Implementación de un protocolo para la identificación de la toxina de Vibrio cholerae

Implementation of a protocol for the identification of Vibrio cholerae

Arévalo, Z.¹; Clavijo, A. M.²; Rolo, de M.²; Álvarez, M.³; Conroy, D.⁴; Infante, D.² y Santander, J.²

1.Magister Scienciarum en Microbiología, Laboratorio Delgado-Launois, Clínica Lugo, Maracay, Edo. Aragua, Venezuela.
2.Sanidad Animal- CENIAP- INIA.. Maracay, Edo. Aragua, Venezuela.
3.Laboratorio Genomik, Maracay, Edo. Aragua, Venezuela.
4.FARMAFISH. Maracay, Edo. Aragua, Venezuela.

Resumen
     Vibrio cholerae produce una potente toxina codificada por dos genes: el operón ctxAB. Los estudios epidemiológicos han sido limitados por las técnicas fenotípicas; por ello es necesario establecer un protocolo para la detección del gen de la subunidad A (ctxA), que codifica la toxina de Vibrio cholerae, para lo cual se realizaron caracterizaciones genéticas de 24 aislados de la familia Vibrionaceae obtenidos del cepario del Laboratorio de Bacteriología de Sanidad Animal-CENIAP-INIA, que provienen de lisas, tilapias y cachamas. Se siguió la metodología recomendada por Fields et al. (1992) con modificaciones, siendo la secuencia de los iniciadores: 5'-GGGCAGATTCT AGACCTCCTG-3' y 5'-CGATGATC TTGGAGCATTCCCAC-3'. Los aislados de Vibrio cholerae no 01 analizados no poseen la toxina colérica. La investigación de la toxina colérica en aislados ambientales es necesaria, ya que en los peces en los que fueron aislados son de consumo humano, lo que constituye un riesgo en salud pública.

Abstract
     Vibrio cholerae produces a powerful toxin coded by two genes: the operon ctxAB. Epidemiology studies have been limited by phenotypic techniques; from this it is necessary to establish a protocol for detection of the gene of subunity A (ctxA) that codes Vibrio cholerae toxin for which it was done genetic characterizations of 24 isolates of the Vibrionaceae family gotten from isolates of Bacteriology Laboratory of Sanidad Animal- CENIAP-INIA, from lisas, tilapias and cachamas. It was followed the methodology recommended by Fields et al. (1992) with modifications; this are the sequences of these primers 5'-CGGGCAGATTCTAGAC CTCCTG-3' y 5'-CGATGATCTTG GAGCATTCCCAC-3'. The not-O1 Vibrio cholerae isolates studied do not have the choleric toxin. Investigations about choleric toxin on environment isolates is necessary since isolates studied were gotten from físhes for human consumption which constitutes a public health risk.

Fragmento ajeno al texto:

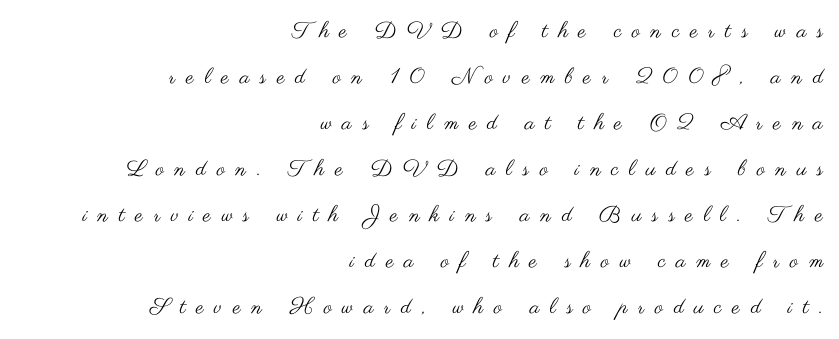
The image shows 22 px text type; set right-aligned, loose line spacing (2.09x), unusually wide letter spacing (+0.48 em), not underlined.

Palabras-clave: Protocolo, toxina, Vibrio cholerae.

Introducción

     Vibrio cholerae es importante causa de cólera en los humanos, causando formas severas como diarrea profusa, vómitos y dolores musculares. La transmisión de este organismo está asociado al consumo de alimentos contaminados y, con frecuencia, de aguas contaminadas y por transmisión de persona a persona. La patogenicidad del cólera es principalmente asociada con su capacidad para producir la toxina colérica (CT) codificada por dos genes que forman el operon ctxAB. La toxina colérica es el principal determinante de la virulencia de V. cholerae O1. No obstante, la mayoría de las cepas de V. cholerae O1 aisladas del ambiente no producen CT, pero poseen el potencial genético para producirlo, pero algunas cepas de V. cholerae no O1 pueden producir CT. Sólo los aislados de V. cholerae O1 que producen CT han sido asociados con epidemias y pandemias en el pasado. La producción de CT es un importante marcador para identificar aislados que potencialmente son capaces de causar epidemias. Los estudios epidemiológicos han sido limitados por las técnicas fenotípicas; por ello es necesario conocer también cuáles son las cepas toxigénicas, lo cual precisa el uso de sistemas de tipificación, siendo descrito el empleo de técnicas poderosas como la PCR.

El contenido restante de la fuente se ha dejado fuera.